Ribosome assembly factors are required to maintain an open head domain conformation. (A–C) Comparison of primer extension data obtained from 1M7 modified early (Ltv1, Enp1), middle (Tsr1, Rio2) pre-40S complexes (lanes 2–5), mature 40S subunits (Fun12) (lane 8) and in vitro refolded 18S rRNA (lane 7, Refolded). Unmodified 20S and 18S rRNAs were used as control samples (lanes 1 and 6). The positions of the modified nucleotides are indicated on the right side of each panel. (D) Overview of TCP^EM output generated from in vitro refolded 18S rRNA ChemModSeq data. Shown are the results for the 3′ major domain. Yellow letters indicate nucleotides that the algorithm predicted were most likely 1M7 modified.

Figure 9.

A model for structural rearrangements during late stages of 40S subunit maturation. (A) Proposed model for the function of ribosome assembly factors in 40S assembly. Binding of assembly factors (AF) to RNA is required to maintain a more flexible conformation. Their presence allows the assembly of ribosomal proteins (RP) but prevent that these RPs adopt their final conformation.
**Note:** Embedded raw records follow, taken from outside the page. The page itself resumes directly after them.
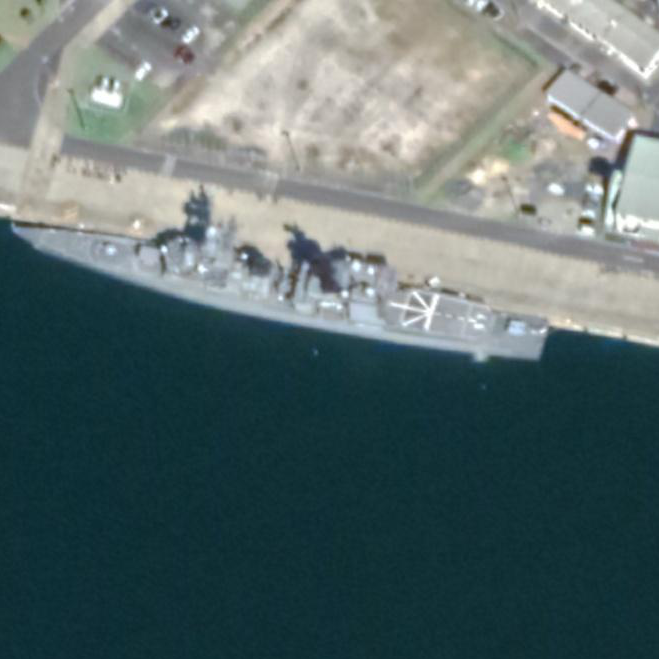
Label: Asagiri-class_destroyer
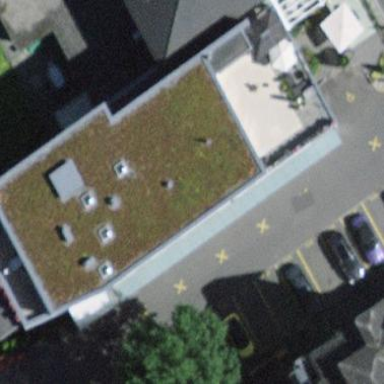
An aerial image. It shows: Flat-roofed building with multiple parts.
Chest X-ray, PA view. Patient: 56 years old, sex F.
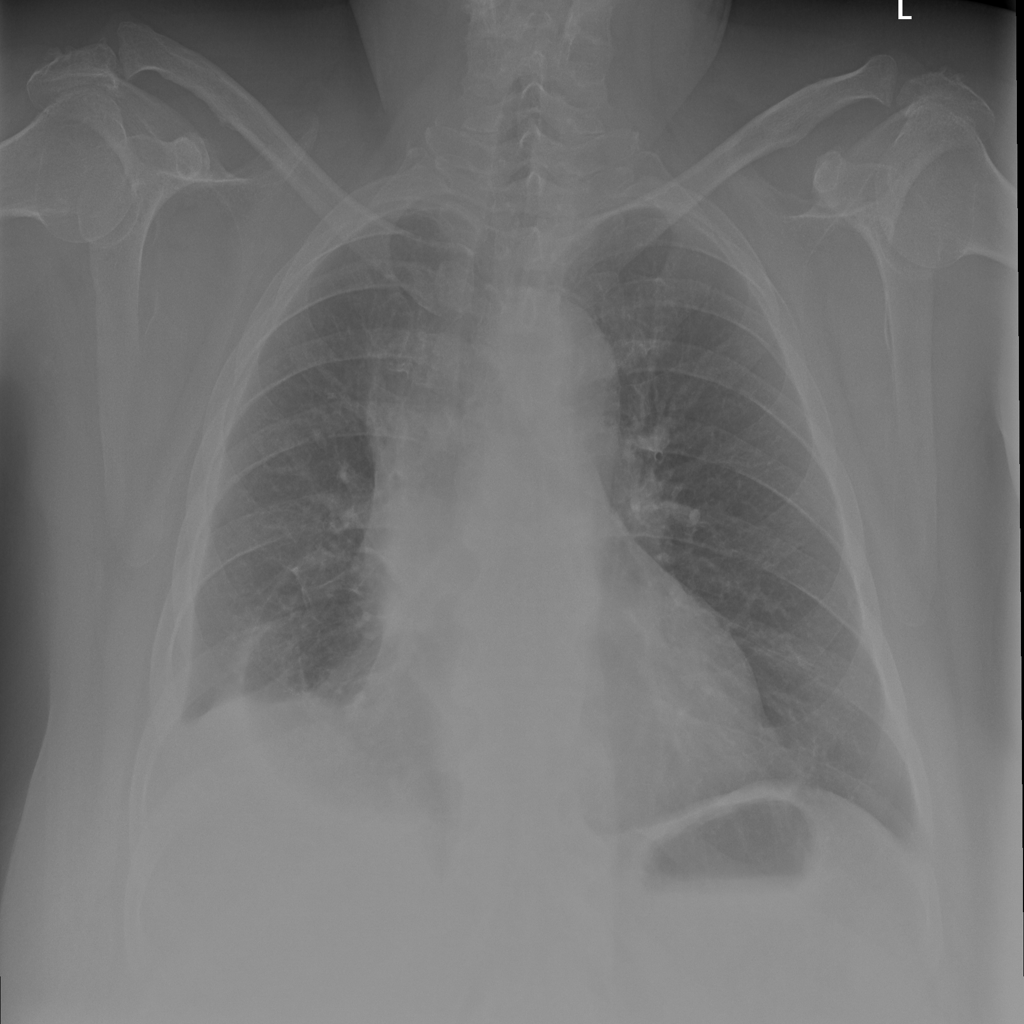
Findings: Effusion, Infiltration
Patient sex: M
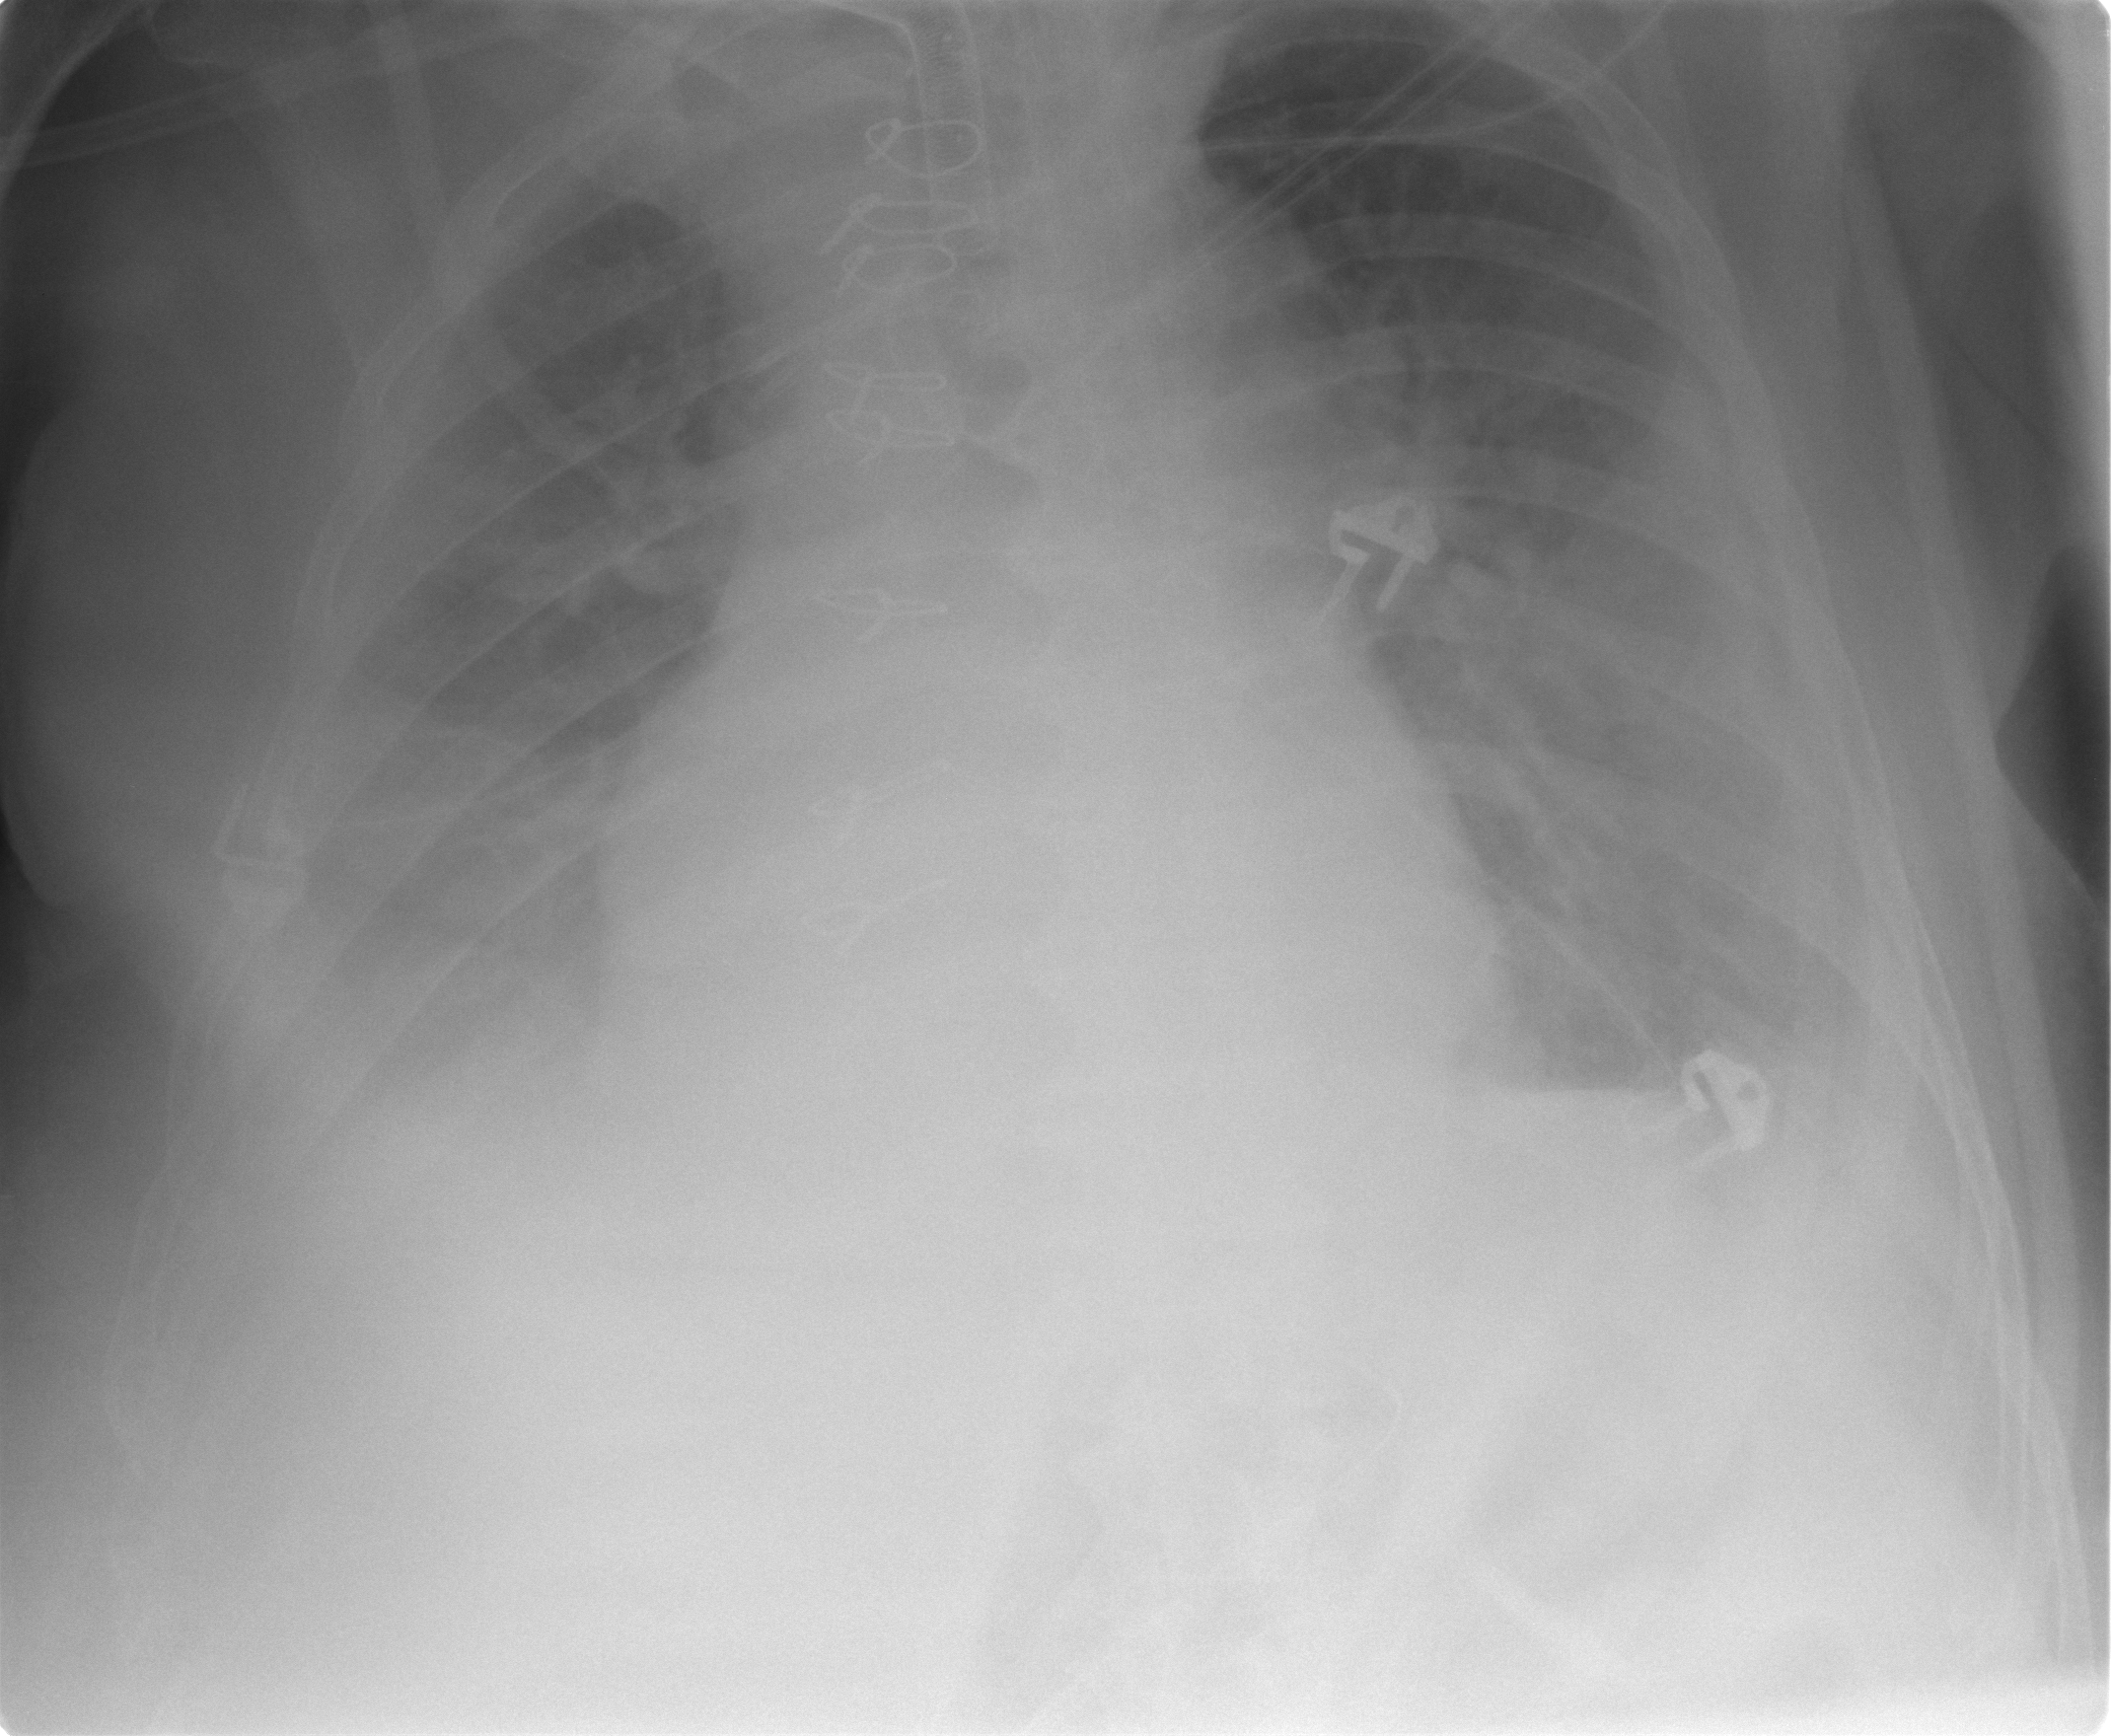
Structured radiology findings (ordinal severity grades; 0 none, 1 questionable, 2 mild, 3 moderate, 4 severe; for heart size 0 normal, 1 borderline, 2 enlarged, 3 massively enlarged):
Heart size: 2
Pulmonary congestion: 2
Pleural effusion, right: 3
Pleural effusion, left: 2
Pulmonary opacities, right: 0
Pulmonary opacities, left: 0
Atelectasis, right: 3
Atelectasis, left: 3

At some point during the maturation pathway, the system receives a signal that certain ribosome assembly/RNA folding steps have been completed and AFs are no longer needed. Their release could be triggered through phosphorylation (such as Hrr25-dependent phosphorylation of Enp1 and Ltv1). This allows completion of RNA folding steps and binding of late RPs. (B and C) Model for rearrangements that take place in the head domain during late stages of 40S assembly. In early and middle pre-40S complexes, binding of Ltv1 and Enp1 to the head domain is required to maintain a more flexible conformation in the 3′ major domain. Rps3, Rps17, Rps20 and Rps17 assemble into pre-ribosomes but do not adopt their final conformation. Hrr25 phosphorylation of Ltv1 and Enp1 triggers their release, allowing late RNA folding steps and assembly of head domain r-proteins to be completed. We propose that Rio2 and Tsr1 are released shortly afterward (B) and Rio1 enters the assembly pathway. The exact function of Rio1, however, remains unclear.